WORK INSTRUCTION: Each entry is to be output as written, so that none is missing.

[Saved data entries]
____
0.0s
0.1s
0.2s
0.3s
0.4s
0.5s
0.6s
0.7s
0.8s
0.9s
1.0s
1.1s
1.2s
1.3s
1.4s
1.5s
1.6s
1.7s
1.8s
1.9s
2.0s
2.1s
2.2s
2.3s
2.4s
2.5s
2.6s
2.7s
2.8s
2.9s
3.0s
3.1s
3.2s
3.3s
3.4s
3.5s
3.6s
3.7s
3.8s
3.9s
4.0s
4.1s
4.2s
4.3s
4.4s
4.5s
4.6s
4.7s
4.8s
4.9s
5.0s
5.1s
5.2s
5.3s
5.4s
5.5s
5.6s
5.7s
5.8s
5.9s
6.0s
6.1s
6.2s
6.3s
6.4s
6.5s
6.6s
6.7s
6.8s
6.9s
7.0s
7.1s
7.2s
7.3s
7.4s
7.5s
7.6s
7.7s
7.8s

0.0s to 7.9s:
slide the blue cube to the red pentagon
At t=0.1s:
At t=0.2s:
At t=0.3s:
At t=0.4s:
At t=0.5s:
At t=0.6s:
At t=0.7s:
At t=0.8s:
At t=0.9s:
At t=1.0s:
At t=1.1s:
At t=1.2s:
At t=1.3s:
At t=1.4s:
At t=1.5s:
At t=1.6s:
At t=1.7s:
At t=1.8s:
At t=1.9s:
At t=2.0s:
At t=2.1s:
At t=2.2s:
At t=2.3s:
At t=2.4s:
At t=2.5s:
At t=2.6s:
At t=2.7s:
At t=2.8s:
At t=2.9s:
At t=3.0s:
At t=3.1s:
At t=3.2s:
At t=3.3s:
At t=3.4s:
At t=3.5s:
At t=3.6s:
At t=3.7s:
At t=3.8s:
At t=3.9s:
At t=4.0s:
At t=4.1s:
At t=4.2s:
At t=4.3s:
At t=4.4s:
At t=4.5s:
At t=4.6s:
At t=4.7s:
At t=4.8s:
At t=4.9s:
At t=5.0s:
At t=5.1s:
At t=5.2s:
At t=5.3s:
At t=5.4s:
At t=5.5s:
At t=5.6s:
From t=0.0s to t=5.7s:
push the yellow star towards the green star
____
SOLVED PROBLEM:
0.0s
0.1s
0.2s
0.3s
0.4s
0.5s
0.6s
0.7s
0.8s
0.9s
1.0s
1.1s
1.2s
1.3s
1.4s
1.5s
1.6s
1.7s
1.8s
1.9s
2.0s
2.1s
2.2s
2.3s
2.4s
2.5s
2.6s
2.7s
2.8s
2.9s
3.0s
3.1s
3.2s
3.3s
3.4s
3.5s
3.6s
3.7s
3.8s
3.9s
4.0s
4.1s
4.2s
4.3s
4.4s
4.5s
4.6s
4.7s
4.8s
4.9s
5.0s
5.1s
5.2s
5.3s
5.4s
5.5s
5.6s
5.7s
5.8s
5.9s
6.0s
6.1s
6.2s
6.3s
6.4s
6.5s
6.6s
6.7s
6.8s
6.9s
7.0s
7.1s
7.2s
7.3s
7.4s
7.5s
7.6s
7.7s
7.8s

0.0s to 7.9s:
slide the blue cube to the red pentagon
At t=0.1s:
At t=0.2s:
At t=0.3s:
At t=0.4s:
At t=0.5s:
At t=0.6s:
At t=0.7s:
At t=0.8s:
At t=0.9s:
At t=1.0s:
At t=1.1s:
At t=1.2s:
At t=1.3s:
At t=1.4s:
At t=1.5s:
At t=1.6s:
At t=1.7s:
At t=1.8s:
At t=1.9s:
At t=2.0s:
At t=2.1s:
At t=2.2s:
At t=2.3s:
At t=2.4s:
At t=2.5s:
At t=2.6s:
At t=2.7s:
At t=2.8s:
At t=2.9s:
At t=3.0s:
At t=3.1s:
At t=3.2s:
At t=3.3s:
At t=3.4s:
At t=3.5s:
At t=3.6s:
At t=3.7s:
At t=3.8s:
At t=3.9s:
At t=4.0s:
At t=4.1s:
At t=4.2s:
At t=4.3s:
At t=4.4s:
At t=4.5s:
At t=4.6s:
At t=4.7s:
At t=4.8s:
At t=4.9s:
At t=5.0s:
At t=5.1s:
At t=5.2s:
At t=5.3s:
At t=5.4s:
At t=5.5s:
At t=5.6s:
From t=0.0s to t=5.7s:
push the yellow star towards the green star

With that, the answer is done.